To test Kubernetes installation, let’s try to deploy nginx based application and try to access it.

$ kubectl create deployment nginx-app --image=nginx --replicas=2

Check the status of nginx-app deployment

$ kubectl get deployment nginx-app
NAME        READY   UP-TO-DATE   AVAILABLE   AGE
nginx-app   2/2     2            2           68s
$

Expose the deployment as NodePort,

$ kubectl expose deployment nginx-app --type=NodePort --port=80
service/nginx-app exposed
$

Run following commands to view service status

$ kubectl get svc nginx-app
$ kubectl describe svc nginx-app

Output of above commands,

Deployment-Service-Status-k8s

Use following curl command to access nginx based application,

$ curl http://<woker-node-ip-addres>:31246

$ curl http://192.168.1.174:31246

Output,

Curl-Command-Access-Nginx-Kubernetes

Great, above output confirms that nginx based application is accessible.

That’s all from this guide, I hope you have found this guide useful. Kindly do post your queries and feedback in below comments section.

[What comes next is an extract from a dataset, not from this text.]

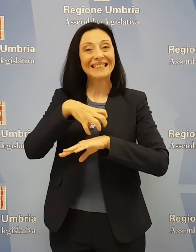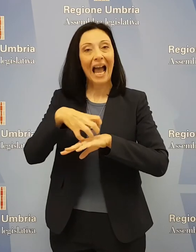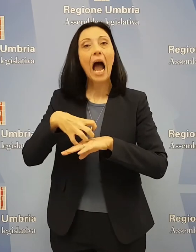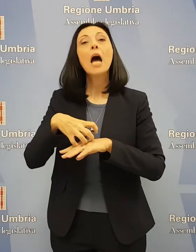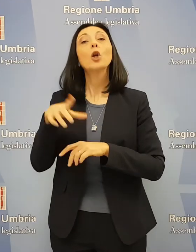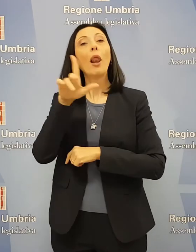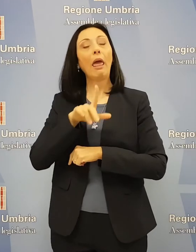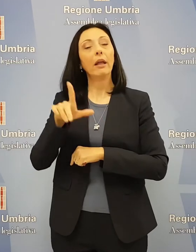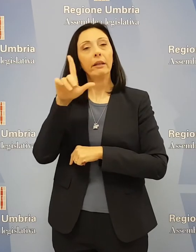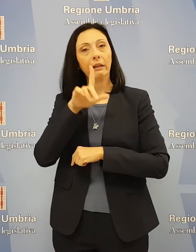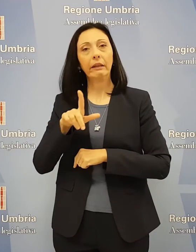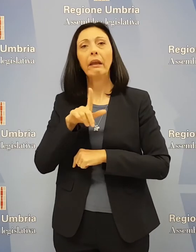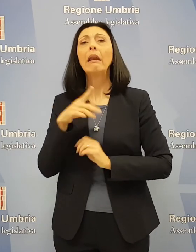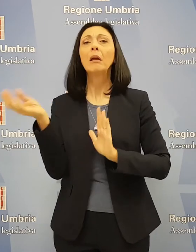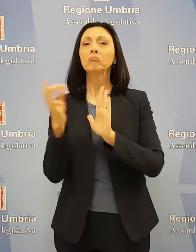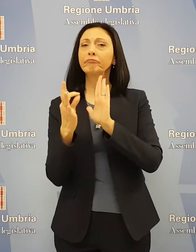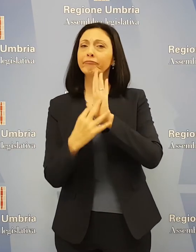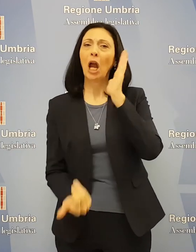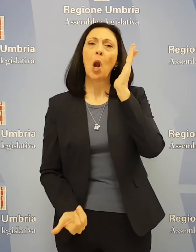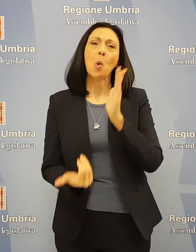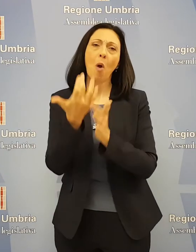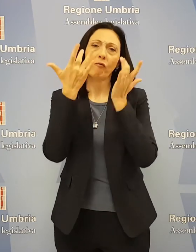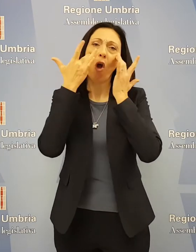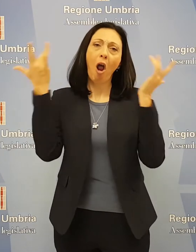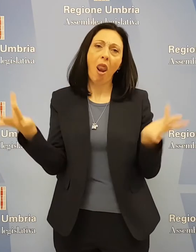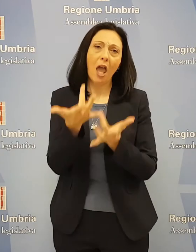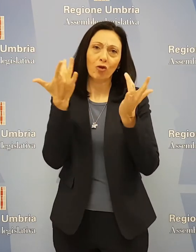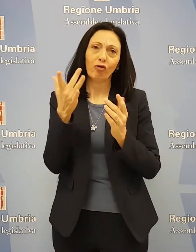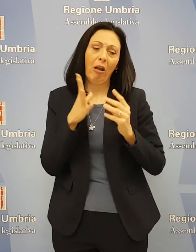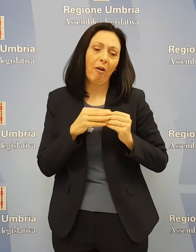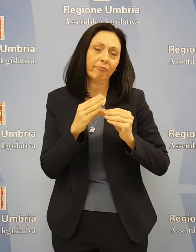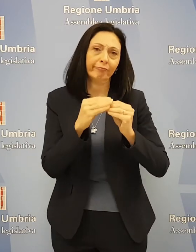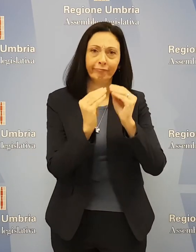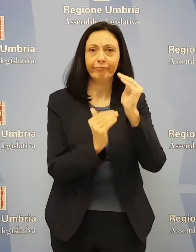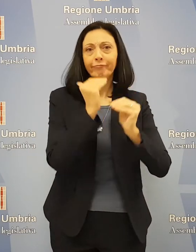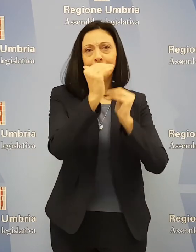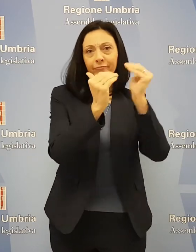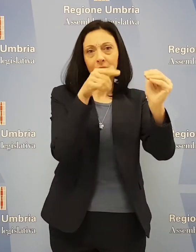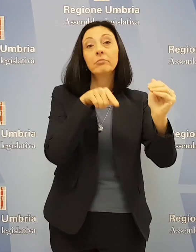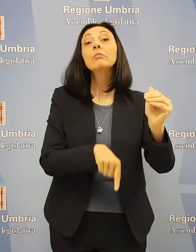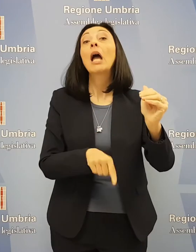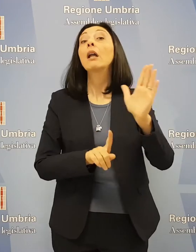che semplificano gli interventi di ricostruzione. Gli effetti si potranno vedere nel 2021.

Also Read: How to Install Kubernetes Dashboard Using Helm

Conclusion:

Congratulations! You have successfully set up a Kubernetes cluster on Ubuntu 22.04. With Kubernetes at your disposal, you can now orchestrate, scale, and manage your containerized applications efficiently. Explore further by deploying more complex applications and services on your Kubernetes cluster, and take full advantage of the power and flexibility it offers.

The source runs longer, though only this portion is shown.